**What to produce:**
Repeat the records below exactly from the line containing "Touch camera, right" to the line containing "Tactile sensor images", taking in both of those lines. Drop the pictures.

**Input data:**

= Beginning of Section =

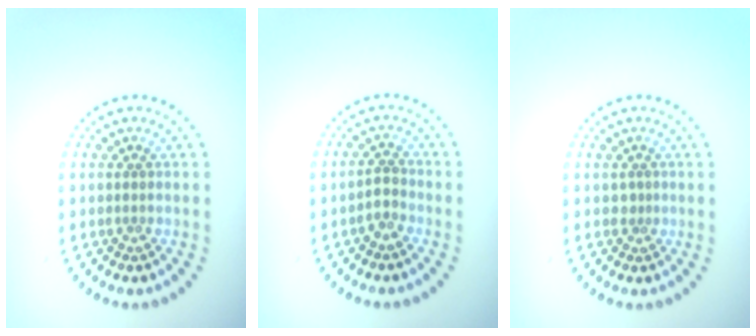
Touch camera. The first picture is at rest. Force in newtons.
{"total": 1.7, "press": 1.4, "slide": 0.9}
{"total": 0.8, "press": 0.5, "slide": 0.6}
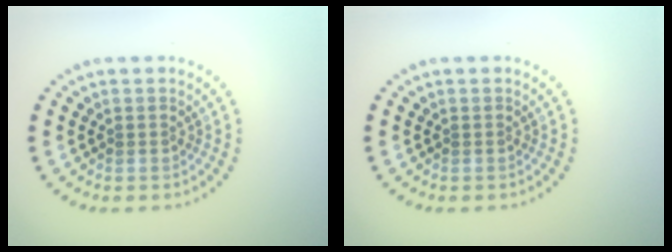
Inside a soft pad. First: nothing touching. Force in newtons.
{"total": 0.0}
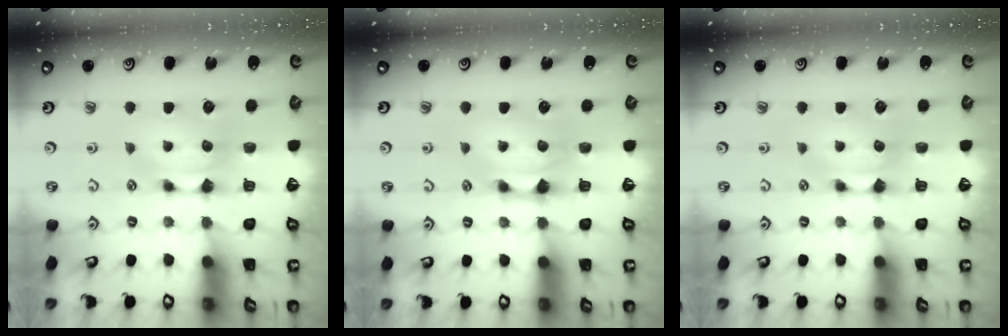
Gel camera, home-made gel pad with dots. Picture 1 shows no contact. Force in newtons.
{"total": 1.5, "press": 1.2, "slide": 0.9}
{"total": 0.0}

= End of Section =
= Beginning of Section =

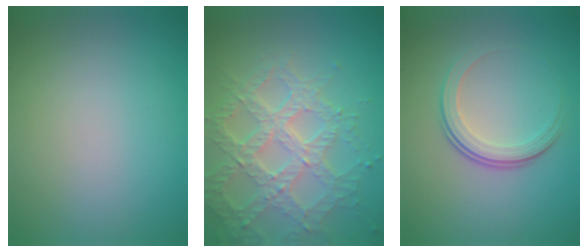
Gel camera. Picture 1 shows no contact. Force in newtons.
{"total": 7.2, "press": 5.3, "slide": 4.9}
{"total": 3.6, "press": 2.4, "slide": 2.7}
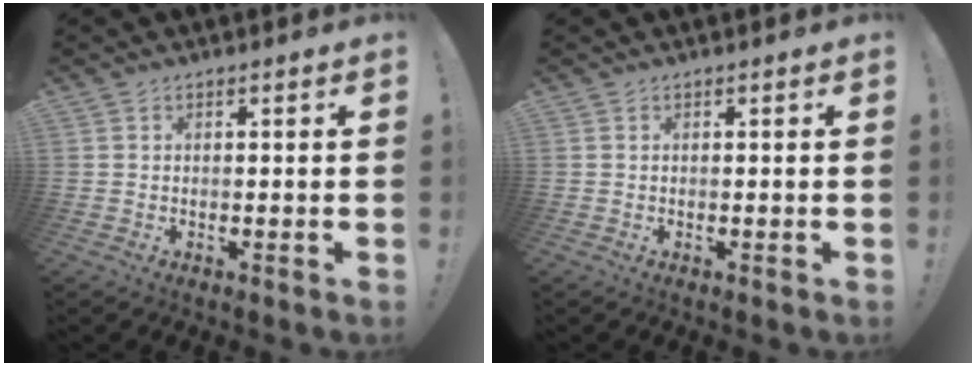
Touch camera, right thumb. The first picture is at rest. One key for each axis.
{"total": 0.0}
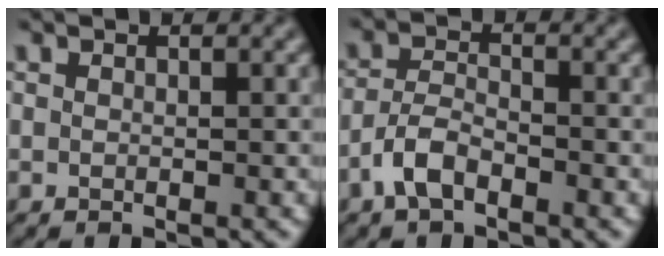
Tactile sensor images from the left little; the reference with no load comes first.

= End of Section =

**Solution for this exercise:**
Touch camera, right thumb. The first picture is at rest. One key for each axis.
{"total": 0.0}
Tactile sensor images from the left little; the reference with no load comes first.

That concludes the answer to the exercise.